Tuesday, September 20, 2005

Existential Mommy

First, let me say that I LOVE being a mom. I am ALL about being a mom.

Now, I need to admit something: Every evening, at dinner time, I get this feeling of dread regarding what is to come. Dinner, homework, washing-up and bedtime. It sounds so simple! It sounds so easy!! But NO!!!!!!!!!!!!!!!!!!!!!!!!!

Dinner consists of me trying to get my kids to eat SOMETHING other than pizza, mac and cheese and hamburgers. I broiled these wonderful baby lamb chops the other night (please no comments from the vegetarians/vegans out there....), but my kids wouldn't even touch them. It's like that nearly every night, unless I cook up one of the aforementioned favorites. And vegetables? Uhuh. Adam will occasionally eat some cauliflower, and Brian likes salad. But for the most part, dinner is a highly unbalanced meal. And that doesn't give me the good mom vibes, you know?

But the worst is yet to come...homework. Adam is in first grade, and Brian is in third. If you don't have kids, I doubt that you will believe me when I tell you that they each have close to an hour of homework every night. Most of the teachers at their school give out a packet of homework assignments on Monday, and the kids can pace themselves over the course of the week. Every night, they are expected to read for 20 minutes to a half hour, depending on the grade. And then there is the written work on top of that. Math worksheets, social studies, puzzles (anagrams, crossword puzzles, card games...sounds like fun? Not so much...).

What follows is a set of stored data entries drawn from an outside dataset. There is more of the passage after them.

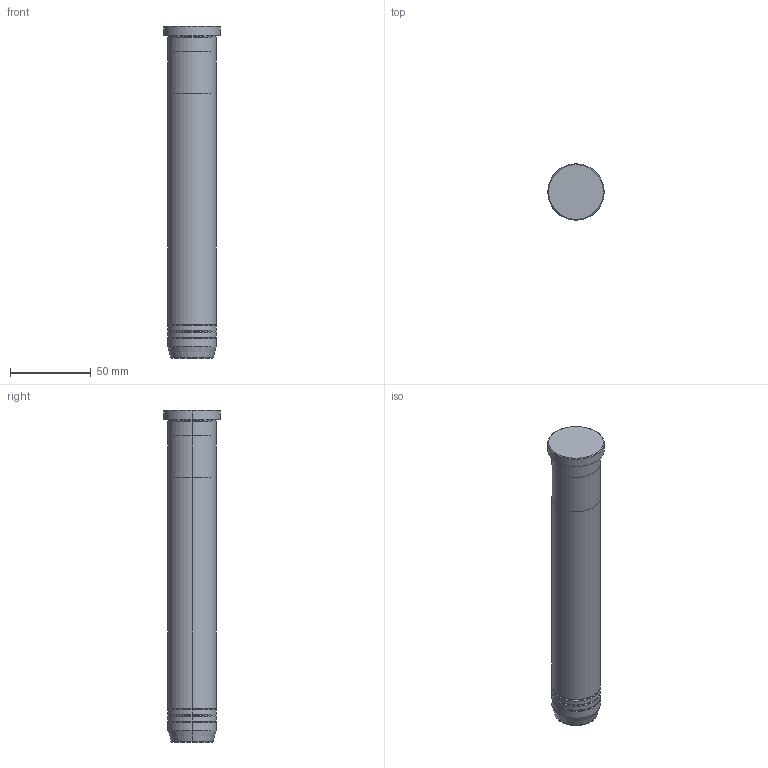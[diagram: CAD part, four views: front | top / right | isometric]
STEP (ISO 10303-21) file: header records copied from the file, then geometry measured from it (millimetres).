
FILE_DESCRIPTION (( 'STEP AP203' ), '1' );
FILE_NAME ('b6bd.STEP', '2024-01-08T12:07:18', ( '' ), ( '' ), 'SwSTEP 2.0', 'SolidWorks 2019', '' );
FILE_SCHEMA (( 'CONFIG_CONTROL_DESIGN' ));
Length unit declared in the file: millimetre
Products named in the file (1): b6bd
Bounding box: 35 x 35 x 206 mm (x, y, z)
Volume: 146389.5 mm3; surface area: 24236.5 mm2
Topology: 3 solids, 3 shells, 43 faces, 80 edges, 44 vertices
Faces by surface type: torus 18, cylinder 14, plane 7, cone 4
Entity records: 1145 total; most frequent: DIRECTION 230, CARTESIAN_POINT 168, ORIENTED_EDGE 160, AXIS2_PLACEMENT_3D 106, EDGE_CURVE 80, CIRCLE 62, VERTEX_POINT 44, EDGE_LOOP 44

Here's a tidbit from Adam's homework packet: One of Adam's assignments this week was to compile a list of AT LEAST eight words that have the sound "eeeee" in them. They can be spelled "ee" like "tree" or "ea" like "steam". First grade! I wasn't taught to READ until first grade! But this is the way things are now.

Not that I don't totally appreciate the incredible education my kids are getting. But every night, as I look at what is on the homework sheet for that day, as I open up their backpacks to see if anything additional came home or if there are any "book publishing parties" or "presentations" coming up this week that I have to add to my own calendar, I do feel this heart-quickening feeling of dread.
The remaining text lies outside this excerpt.